[DATASET EXCERPTS Boundary: Start]

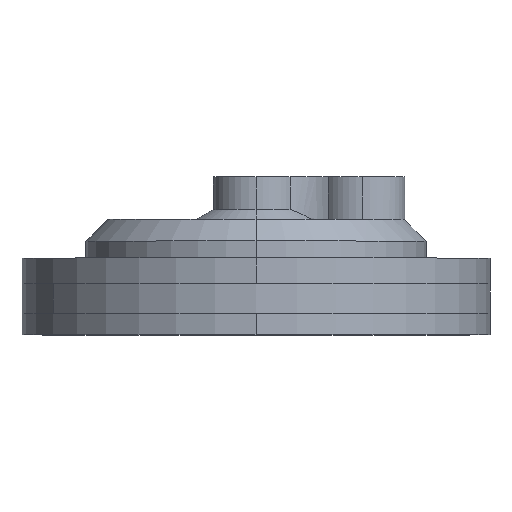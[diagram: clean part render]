
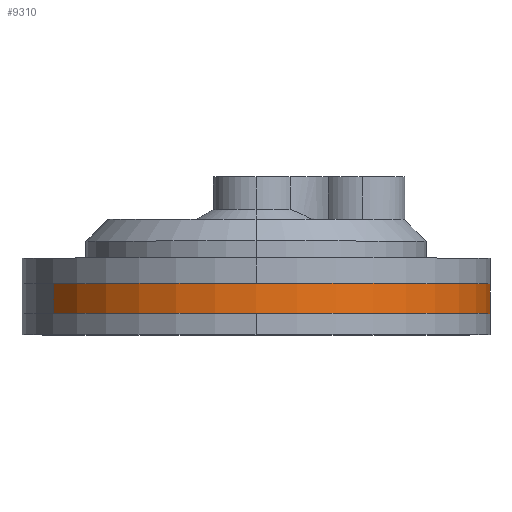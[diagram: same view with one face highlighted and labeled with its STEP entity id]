
A CAD part, top view. The second image highlights one B-rep face of the part: STEP entity #9310.
In plain terms, the highlighted cylindrical face has radius 69.85 mm (diameter 139.7 mm), a partial arc.
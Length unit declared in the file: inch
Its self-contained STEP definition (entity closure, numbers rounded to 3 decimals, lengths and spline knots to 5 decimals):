
#1567 = DIRECTION ( 'NONE',  ( 0., -1., 0. ) ) ;
#2220 = CARTESIAN_POINT ( 'NONE',  ( 0., 0., 0. ) ) ;
#2965 = VECTOR ( 'NONE', #13975, 39.37008 ) ;
#3484 = ORIENTED_EDGE ( 'NONE', *, *, #6830, .T. ) ;
#4311 = VERTEX_POINT ( 'NONE', #10421 ) ;
#4451 = EDGE_CURVE ( 'NONE', #8834, #14473, #16894, .T. ) ;
#4581 = EDGE_LOOP ( 'NONE', ( #10952, #15925, #3484, #6209 ) ) ;
#4735 = CARTESIAN_POINT ( 'NONE',  ( 0., 0.35, 0. ) ) ;
#5221 = AXIS2_PLACEMENT_3D ( 'NONE', #2220, #7528, #12732 ) ;
#5402 = CARTESIAN_POINT ( 'NONE',  ( 0., 0.35, 0. ) ) ;
#5872 = CARTESIAN_POINT ( 'NONE',  ( 0., 0.35, -2.75 ) ) ;
#6115 = LINE ( 'NONE', #14547, #15700 ) ;
#6209 = ORIENTED_EDGE ( 'NONE', *, *, #11626, .T. ) ;
#6302 = LINE ( 'NONE', #14146, #2965 ) ;
#6830 = EDGE_CURVE ( 'NONE', #8834, #10273, #6115, .T. ) ;
#7528 = DIRECTION ( 'NONE',  ( 0., 1., 0. ) ) ;
#8041 = DIRECTION ( 'NONE',  ( 0., 1., 0. ) ) ;
#8834 = VERTEX_POINT ( 'NONE', #5872 ) ;
#9014 = CYLINDRICAL_SURFACE ( 'NONE', #9181, 2.75 ) ;
#9181 = AXIS2_PLACEMENT_3D ( 'NONE', #4735, #10358, #14459 ) ;
#9310 = ADVANCED_FACE ( 'NONE', ( #16448 ), #9014, .T. ) ;
#10077 = AXIS2_PLACEMENT_3D ( 'NONE', #5402, #8041, #10590 ) ;
#10273 = VERTEX_POINT ( 'NONE', #11420 ) ;
#10358 = DIRECTION ( 'NONE',  ( 0., -1., 0. ) ) ;
#10421 = CARTESIAN_POINT ( 'NONE',  ( 0., 0., 2.75 ) ) ;
#10590 = DIRECTION ( 'NONE',  ( 0., 0., 1. ) ) ;
#10952 = ORIENTED_EDGE ( 'NONE', *, *, #15613, .F. ) ;
#11420 = CARTESIAN_POINT ( 'NONE',  ( 0., 0., -2.75 ) ) ;
#11626 = EDGE_CURVE ( 'NONE', #10273, #4311, #12579, .T. ) ;
#11726 = CARTESIAN_POINT ( 'NONE',  ( 0., 0.35, 2.75 ) ) ;
#12579 = CIRCLE ( 'NONE', #5221, 2.75 ) ;
#12732 = DIRECTION ( 'NONE',  ( 0., 0., 1. ) ) ;
#13975 = DIRECTION ( 'NONE',  ( 0., -1., 0. ) ) ;
#14146 = CARTESIAN_POINT ( 'NONE',  ( 0., 0.35, 2.75 ) ) ;
#14459 = DIRECTION ( 'NONE',  ( 0., 0., -1. ) ) ;
#14473 = VERTEX_POINT ( 'NONE', #11726 ) ;
#14547 = CARTESIAN_POINT ( 'NONE',  ( 0., 0.35, -2.75 ) ) ;
#15613 = EDGE_CURVE ( 'NONE', #14473, #4311, #6302, .T. ) ;
#15700 = VECTOR ( 'NONE', #1567, 39.37008 ) ;
#15925 = ORIENTED_EDGE ( 'NONE', *, *, #4451, .F. ) ;
#16448 = FACE_OUTER_BOUND ( 'NONE', #4581, .T. ) ;
#16894 = CIRCLE ( 'NONE', #10077, 2.75 ) ;

[DATASET EXCERPTS Boundary: End]

(YOUR GOAL): The answer is the lines above between the line holding "In plain terms, the" and the line holding "#3484 = ORIENTED_EDGE", inclusive, each written out exactly, and no others.

(REPLY TO THE EXERCISE):
In plain terms, the highlighted cylindrical face has radius 69.85 mm (diameter 139.7 mm), a partial arc.
Length unit declared in the file: inch
Its self-contained STEP definition (entity closure, numbers rounded to 3 decimals, lengths and spline knots to 5 decimals):
#1567 = DIRECTION ( 'NONE',  ( 0., -1., 0. ) ) ;
#2220 = CARTESIAN_POINT ( 'NONE',  ( 0., 0., 0. ) ) ;
#2965 = VECTOR ( 'NONE', #13975, 39.37008 ) ;
#3484 = ORIENTED_EDGE ( 'NONE', *, *, #6830, .T. ) ;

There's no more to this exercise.